Terms and conditions may also be referred to as T&C, ToS, or ToU. They can be composed of requirements, rules, special arrangements, provisions, and standards.
Terms and Conditions enable businesses to clarify the conditions by which a user must abide when using their service. These usually include the use of content (copyright), the rules that users must follow while interacting with one another on the website/app and, rules related to the cancellation or suspension of a user’s account.
There have been a few studies conducted to answer this question. And although they provide slightly different figures, one thing we can agree on is that it’s a very small percentage of people do read them.
ProPrivacy succeeded in persuading 99% of survey respondents to surrender ridiculous things like the naming rights of their first-born child and browsing history access to their mothers. While this was just an experiment, the report did prove that only 1% read the terms and conditions.
The Guardian states, only 7% of people online read the entire terms and conditions document. And 20% of people have suffered in one way or another by not reading it. So why don’t we read them?
The typical answer you’ll often get is, terms and conditions are too long, they are presented in very small font, and that they are full of legal terminologies that make them hard to understand.
Few people read the fine print, even though they should do. But, how long would it take to read all of the fine print when downloading digital wallets? What reading level would we need to be at? Will we even understand what we are agreeing to, or are they full of jargon?

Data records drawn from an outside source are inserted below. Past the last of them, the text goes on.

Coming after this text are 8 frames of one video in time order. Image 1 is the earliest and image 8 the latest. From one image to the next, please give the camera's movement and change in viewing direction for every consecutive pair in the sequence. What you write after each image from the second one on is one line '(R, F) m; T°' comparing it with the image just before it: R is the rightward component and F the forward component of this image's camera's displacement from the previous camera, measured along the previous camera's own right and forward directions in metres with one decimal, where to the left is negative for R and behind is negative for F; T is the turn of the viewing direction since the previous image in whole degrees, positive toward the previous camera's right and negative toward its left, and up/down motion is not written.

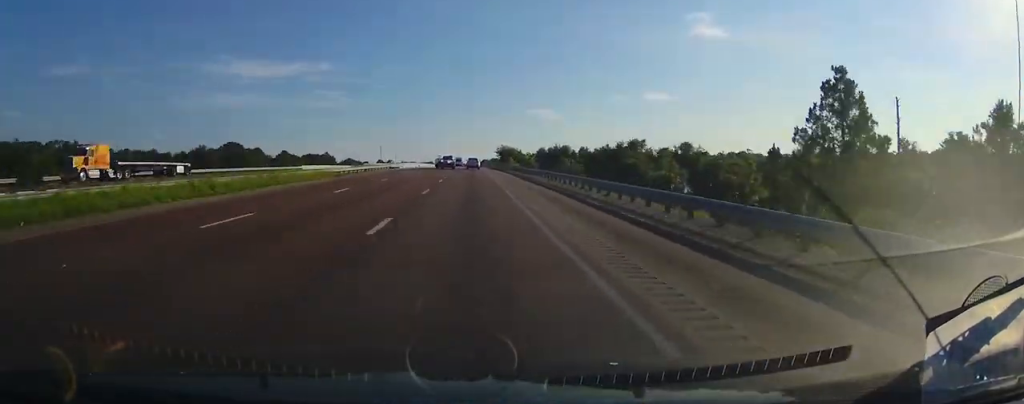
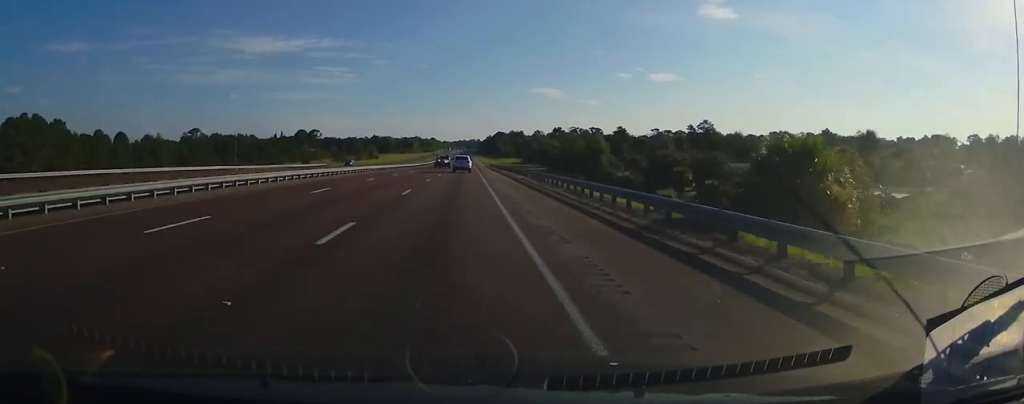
(+0.8, +285.5) m; 0°
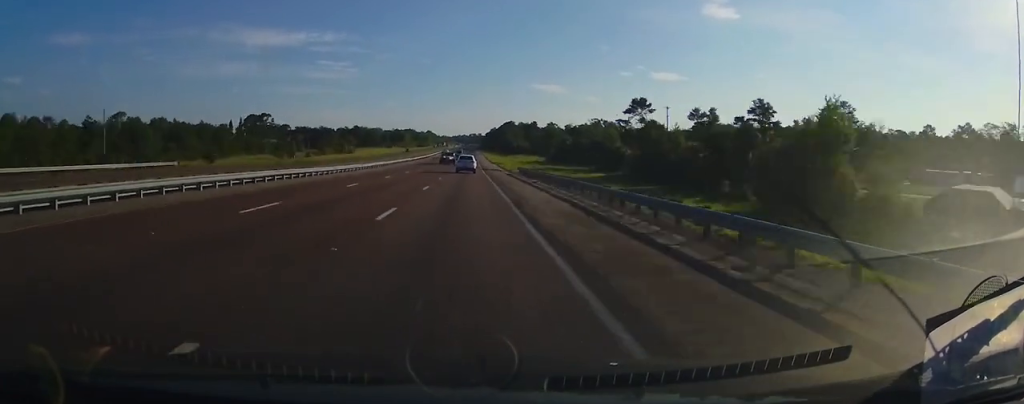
(-0.5, +79.3) m; -1°
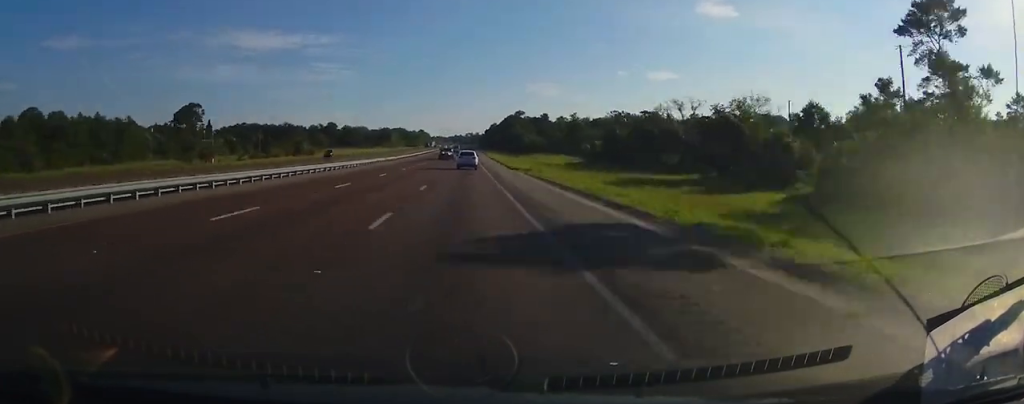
(0.0, +61.9) m; 0°
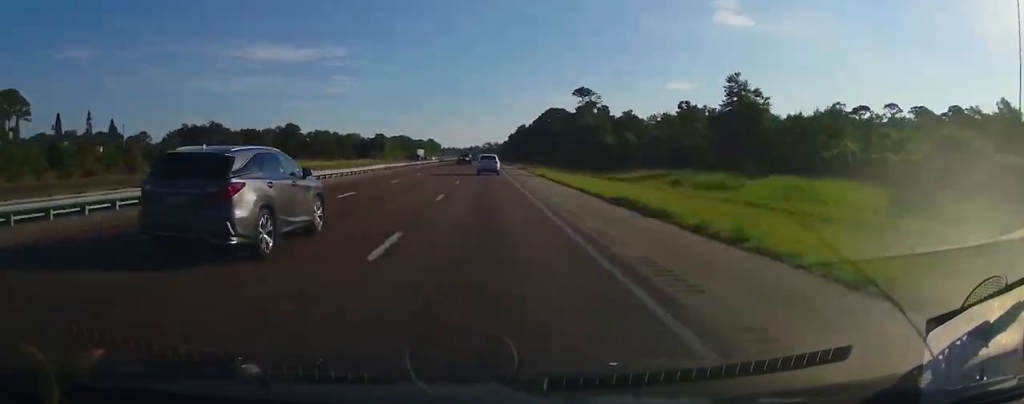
(-0.8, +99.5) m; 0°
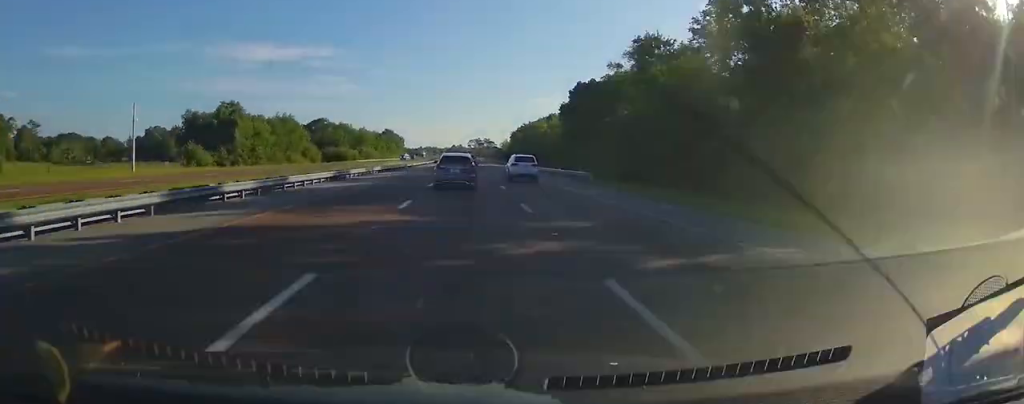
(+1.8, +193.5) m; +1°
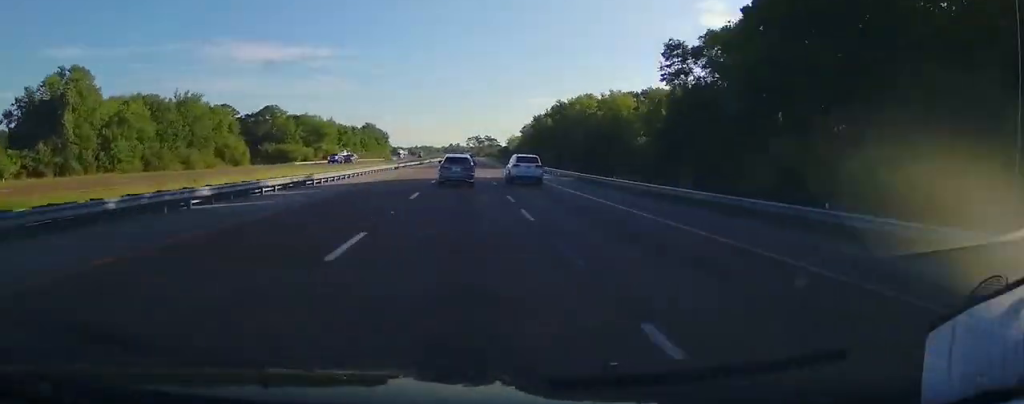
(+0.7, +60.8) m; 0°
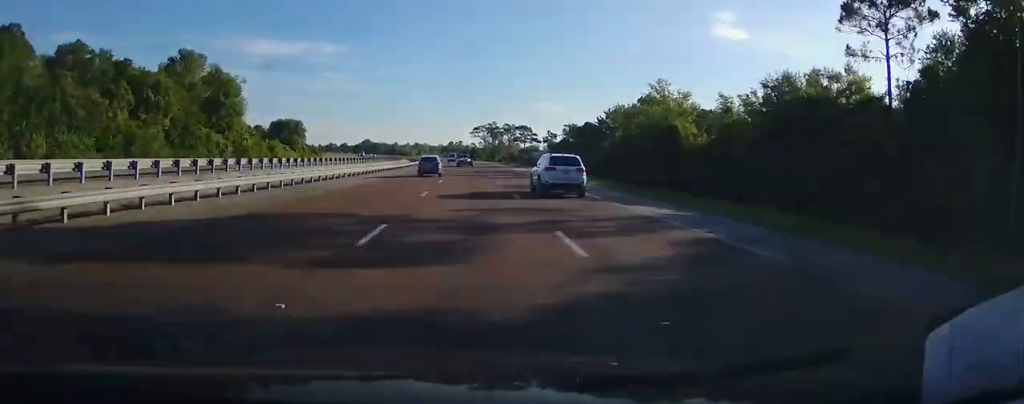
(-0.2, +192.4) m; -3°

The digital wallet provider that had the longest terms to read and accept was PayPal. In fact, it would take you 1hr and 26mins to read all of PayPal’s terms and conditions. Who has time for that? There has to be a quicker way, right?
This was closely followed by Cash App with 1hr 20 of reading time and Venmo at 1hr 7mins. Alipay T&C’s would take around 54mins, Zellepay would take 48mins, WeChat Pay 21mins, Apple pay 13mins, Samsung Pay 11mins and Google Pay at 9mins.
In the same time it takes to read PayPal, Cash App, Venmo, Alipay and Zellepays terms and conditions, you could have got a flight from London to Europe.
To be specific, while reading PayPal’s terms, you could catch a 1hr 26minute flight from London to Geneva in Switzerland. Does that put this into perspective?
While reading Cashapp’s terms you could fly to Cologne, Germany. While reading Ali Pay’s terms you could fly to Amsterdam in the Netherlands, and while reading Venmo’s you could fly to Antwerp, Belgium. And last but not least, you could fly to Paris instead of reading Zella Pay’s T&C’s.
Venmo has the most jargon words with over 100 detected throughout. The second most jargon-filled T&C’s was Cash App where 68 were detected. Interestingly Cash App T&C’s were longer, taking an extra 13 minutes to read over Venmo, yet Venmo used 33% more jargon words.
Why is jargon a problem? Jargon makes you untrustworthy. One of the biggest communication barriers – and one that can be easily avoided is the use of jargon.
Jargon words are meant to enhance communication by simplifying a particular concept. This only works when everyone involved in the conversation is aware of the word's meaning.
We decided to take things one step further by looking into the context of these terms and conditions.
First, and by far the most shocking is PayPal. With the longest terms and conditions it could be easy to miss these three shocking terms of waiving your moral rights, the service also holds onto content that you've deleted and they still track you even if you opt-out from tracking.
Google Pay stores data on you even if you did not interact with the service, Your identity is used in ads that are shown to other users, they hold onto content that you've deleted and your personal data is given to third parties.